Eggs (voiced by Isaac Hempstead Wright) was accidentally thrown out of his house when he was a baby and was picked up by one of the Boxtrolls and taken to their community – a cavernous home the Boxtrolls have built beneath the cobblestoned streets of a town called Cheesebridge, where it’s citizens call them monsters. Their underground home is their oasis, as dirty and smelly as it is, with bugs and insects all over the place, literally climbing all over them all the time. Their home is dark, polluted, and probably an unsafe place to raise a baby boy. They spend their days happily underground but their nights foraging the streets for anything to take back home with them, combing the cities streets for garbage to take home with them – the human’s trash becomes The Boxtrolls treasure. And it’s really strange that an animated movie is set in such a location.
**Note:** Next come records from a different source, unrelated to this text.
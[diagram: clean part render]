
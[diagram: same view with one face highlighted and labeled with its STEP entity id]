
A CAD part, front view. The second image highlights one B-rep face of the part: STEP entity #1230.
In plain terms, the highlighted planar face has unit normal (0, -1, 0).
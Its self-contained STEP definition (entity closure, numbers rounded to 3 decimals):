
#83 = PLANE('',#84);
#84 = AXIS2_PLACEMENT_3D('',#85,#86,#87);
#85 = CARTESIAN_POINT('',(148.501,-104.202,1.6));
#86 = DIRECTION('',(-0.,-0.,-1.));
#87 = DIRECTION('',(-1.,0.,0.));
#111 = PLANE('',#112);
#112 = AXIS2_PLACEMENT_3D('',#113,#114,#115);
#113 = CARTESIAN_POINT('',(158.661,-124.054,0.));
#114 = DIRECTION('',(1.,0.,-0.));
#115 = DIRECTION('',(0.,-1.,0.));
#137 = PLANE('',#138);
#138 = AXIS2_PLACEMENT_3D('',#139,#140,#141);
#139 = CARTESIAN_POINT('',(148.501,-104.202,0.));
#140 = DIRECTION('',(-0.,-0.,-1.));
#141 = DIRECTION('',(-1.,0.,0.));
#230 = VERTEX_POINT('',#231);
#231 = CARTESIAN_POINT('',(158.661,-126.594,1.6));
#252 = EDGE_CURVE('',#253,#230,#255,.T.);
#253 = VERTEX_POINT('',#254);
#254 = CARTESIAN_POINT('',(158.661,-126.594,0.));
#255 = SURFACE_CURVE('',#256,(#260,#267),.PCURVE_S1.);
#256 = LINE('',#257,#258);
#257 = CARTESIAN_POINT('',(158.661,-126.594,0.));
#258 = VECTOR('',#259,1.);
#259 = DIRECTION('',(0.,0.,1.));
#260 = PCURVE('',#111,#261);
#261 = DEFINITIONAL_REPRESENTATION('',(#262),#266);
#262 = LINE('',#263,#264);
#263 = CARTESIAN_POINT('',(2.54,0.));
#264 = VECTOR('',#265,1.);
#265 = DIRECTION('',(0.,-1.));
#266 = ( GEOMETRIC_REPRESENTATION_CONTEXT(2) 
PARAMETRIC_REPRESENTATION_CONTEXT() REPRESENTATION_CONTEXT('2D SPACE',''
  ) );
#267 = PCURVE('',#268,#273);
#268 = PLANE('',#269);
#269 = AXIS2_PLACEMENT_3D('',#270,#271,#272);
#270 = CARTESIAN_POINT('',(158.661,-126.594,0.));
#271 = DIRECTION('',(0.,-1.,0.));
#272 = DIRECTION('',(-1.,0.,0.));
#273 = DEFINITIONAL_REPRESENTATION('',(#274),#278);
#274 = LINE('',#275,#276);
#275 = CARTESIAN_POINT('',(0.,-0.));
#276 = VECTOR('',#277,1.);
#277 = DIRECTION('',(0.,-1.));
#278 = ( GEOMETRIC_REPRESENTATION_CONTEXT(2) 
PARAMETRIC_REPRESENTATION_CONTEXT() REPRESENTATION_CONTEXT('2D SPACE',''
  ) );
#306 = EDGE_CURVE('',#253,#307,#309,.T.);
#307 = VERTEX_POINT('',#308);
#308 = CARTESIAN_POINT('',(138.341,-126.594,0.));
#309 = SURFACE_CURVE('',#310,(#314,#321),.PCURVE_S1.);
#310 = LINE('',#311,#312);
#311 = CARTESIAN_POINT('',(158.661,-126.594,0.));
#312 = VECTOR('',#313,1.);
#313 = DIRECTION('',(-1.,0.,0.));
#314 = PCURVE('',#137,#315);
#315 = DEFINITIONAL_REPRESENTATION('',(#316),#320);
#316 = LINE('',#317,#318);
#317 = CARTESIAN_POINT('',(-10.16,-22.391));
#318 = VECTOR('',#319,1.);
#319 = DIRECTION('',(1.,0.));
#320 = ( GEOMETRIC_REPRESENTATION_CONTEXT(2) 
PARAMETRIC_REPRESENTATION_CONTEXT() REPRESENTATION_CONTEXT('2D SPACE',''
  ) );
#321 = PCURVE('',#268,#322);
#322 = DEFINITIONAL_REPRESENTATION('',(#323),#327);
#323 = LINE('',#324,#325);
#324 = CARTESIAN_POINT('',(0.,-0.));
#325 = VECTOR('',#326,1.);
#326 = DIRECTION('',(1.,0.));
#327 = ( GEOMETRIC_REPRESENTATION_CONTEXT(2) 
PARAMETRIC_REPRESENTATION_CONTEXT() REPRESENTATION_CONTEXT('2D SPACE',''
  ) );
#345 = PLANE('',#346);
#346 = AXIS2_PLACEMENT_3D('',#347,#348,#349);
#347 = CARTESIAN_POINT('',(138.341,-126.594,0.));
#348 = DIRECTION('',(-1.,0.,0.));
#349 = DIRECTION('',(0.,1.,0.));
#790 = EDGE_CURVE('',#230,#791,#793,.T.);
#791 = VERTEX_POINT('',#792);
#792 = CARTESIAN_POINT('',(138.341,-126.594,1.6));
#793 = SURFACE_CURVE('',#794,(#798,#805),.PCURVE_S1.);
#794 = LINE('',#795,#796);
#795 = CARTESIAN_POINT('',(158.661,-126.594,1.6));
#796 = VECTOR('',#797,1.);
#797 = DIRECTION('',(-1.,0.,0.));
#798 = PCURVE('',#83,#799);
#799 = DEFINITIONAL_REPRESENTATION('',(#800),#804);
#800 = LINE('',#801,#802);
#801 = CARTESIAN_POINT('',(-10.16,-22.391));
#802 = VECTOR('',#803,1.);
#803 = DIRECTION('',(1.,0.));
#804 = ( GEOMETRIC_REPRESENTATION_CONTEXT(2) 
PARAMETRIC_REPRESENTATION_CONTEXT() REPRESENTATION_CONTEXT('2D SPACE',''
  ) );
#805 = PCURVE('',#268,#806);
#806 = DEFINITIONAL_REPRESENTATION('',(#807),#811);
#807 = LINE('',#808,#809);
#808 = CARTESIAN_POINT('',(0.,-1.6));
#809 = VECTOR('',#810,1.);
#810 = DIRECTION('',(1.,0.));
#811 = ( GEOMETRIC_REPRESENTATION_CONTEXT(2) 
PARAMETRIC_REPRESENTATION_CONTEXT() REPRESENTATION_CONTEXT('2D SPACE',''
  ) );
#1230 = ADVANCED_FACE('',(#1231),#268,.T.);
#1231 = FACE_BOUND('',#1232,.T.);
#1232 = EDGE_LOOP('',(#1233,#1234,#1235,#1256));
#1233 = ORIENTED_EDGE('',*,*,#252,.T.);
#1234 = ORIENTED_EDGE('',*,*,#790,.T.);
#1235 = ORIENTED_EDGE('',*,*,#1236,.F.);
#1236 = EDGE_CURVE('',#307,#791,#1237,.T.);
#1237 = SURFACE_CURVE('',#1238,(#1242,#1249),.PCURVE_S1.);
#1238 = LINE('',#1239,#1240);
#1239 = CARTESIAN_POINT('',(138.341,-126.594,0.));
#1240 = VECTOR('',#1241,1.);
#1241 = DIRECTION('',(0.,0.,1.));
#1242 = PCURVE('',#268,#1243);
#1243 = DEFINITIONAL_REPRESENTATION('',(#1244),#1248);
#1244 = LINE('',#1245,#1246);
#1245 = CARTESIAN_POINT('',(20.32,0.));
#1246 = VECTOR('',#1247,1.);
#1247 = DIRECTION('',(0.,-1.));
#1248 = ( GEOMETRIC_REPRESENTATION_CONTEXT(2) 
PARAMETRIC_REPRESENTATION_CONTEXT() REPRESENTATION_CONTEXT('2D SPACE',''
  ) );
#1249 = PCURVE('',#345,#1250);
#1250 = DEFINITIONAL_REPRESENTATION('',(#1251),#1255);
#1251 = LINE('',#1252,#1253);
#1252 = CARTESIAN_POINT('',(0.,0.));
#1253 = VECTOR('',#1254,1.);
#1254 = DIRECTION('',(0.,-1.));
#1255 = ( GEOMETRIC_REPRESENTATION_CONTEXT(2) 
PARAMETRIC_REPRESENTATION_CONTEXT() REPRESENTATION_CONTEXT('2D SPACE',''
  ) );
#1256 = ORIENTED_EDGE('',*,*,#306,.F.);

The Mayor of Cheesebridge, Lord Portley-Rind (Jared Harris) is not a fan of the Boxtrolls – he believes the scary stories about them that has been spread by the villainous Archibald Snatcher (Ben Kingsley). Snatcher is determined to be accepted into Lord Portley-Rind’s elite group of crony men, so he has imprisoned genius inventor and a friend of Boxtrolls Herbert Trubshaw (Simon Pegg) and is leading a gang to capture all of the Boxtrolls – they call themselves the exterminators of justice. So one by one the Boxtrolls are picked up at night while they are on the cities streets.
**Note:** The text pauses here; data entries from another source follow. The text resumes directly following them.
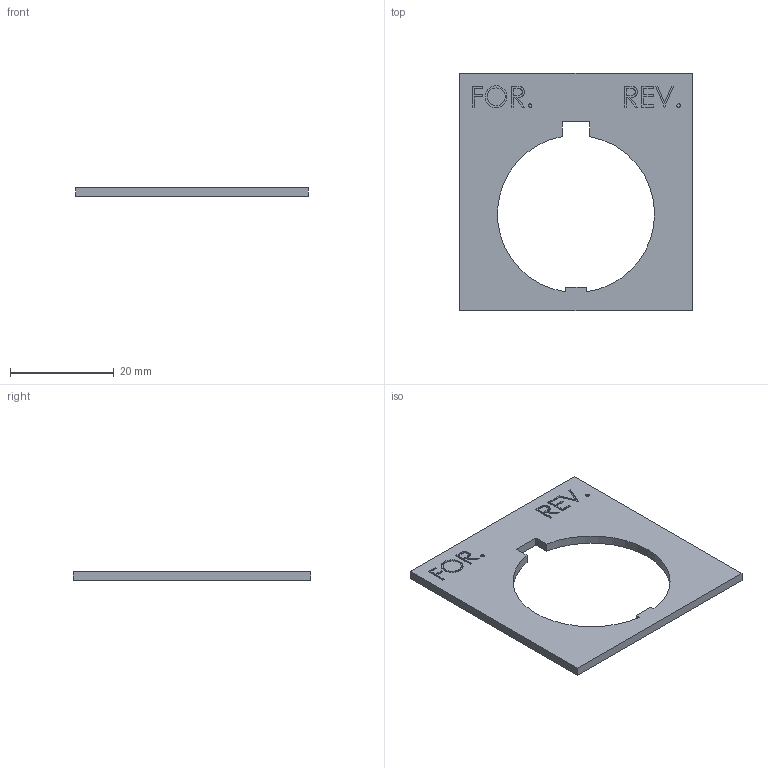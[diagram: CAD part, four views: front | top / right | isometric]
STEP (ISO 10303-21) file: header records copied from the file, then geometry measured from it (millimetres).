
FILE_DESCRIPTION (( 'STEP AP214' ), '1' );
FILE_NAME ('HT8SP38.step', '2018-07-05T19:46:37', ( '' ), ( '' ), 'SwSTEP 2.0', 'SolidWorks 2017', '' );
FILE_SCHEMA (( 'AUTOMOTIVE_DESIGN' ));
Length unit declared in the file: millimetre
Products named in the file (1): HT8SP38
Bounding box: 44.8 x 45.75 x 1.7 mm (x, y, z)
Volume: 2234.7 mm3; surface area: 3149.4 mm2
Topology: 1 solids, 1 shells, 103 faces, 270 edges, 180 vertices
Faces by surface type: plane 74, bspline 26, cylinder 3
Entity records: 5607 total; most frequent: CARTESIAN_POINT 2260, ORIENTED_EDGE 540, DIRECTION 380, EDGE_CURVE 270, LINE 212, VECTOR 212, VERTEX_POINT 180, EDGE_LOOP 116

Eggs befriends a local girl, Winnie (Elle Fanning) – who happens to be Lord Portley-Rind’s daughter. She helps him integrate back into normal society and together they devise a scheme to save the Boxtrolls from Snatcher – they do whatever it takes to find the captured Boxtrolls and take them back to their dumpy home.

The Boxtrolls, just like Coraline, is a stop-motion animated film, which is shot frame by frame. What sets The Boxtroll apart from previous stop-motion animated films is that it is a period piece, and a mash-up of comedy, detective story, and adventure with a unique perspective as an animated film. Alan Snow’s Here Be Monsters was the source material for the screenplay of The Boxtrolls – a tale of a boy adopted by a group of kind creatures. They are kind, but they are ugly as well. And the environment in which they live is not a very hospitable one to humans, much less to a human baby boy. But Eggs grows up with them, and gets used to the vile conditions. The film is like a Charles Dicken book – there is not a joyful resolution if there is not a dark side. It’s also fearful as we get the mean Snatcher who manipulates the residents of Cheesebridge into fearing and hunting The Boxtrolls – and when some are captured the scenes are not particularly joyful. The imagery and feel of the film is dark, and I’m not too sure that younger children will appreciate the story of how a community of monsters living underground is a fun thing. The Boxtrolls is perhaps a film for older children and their parents, but please leave the younger ones home with a babysitter.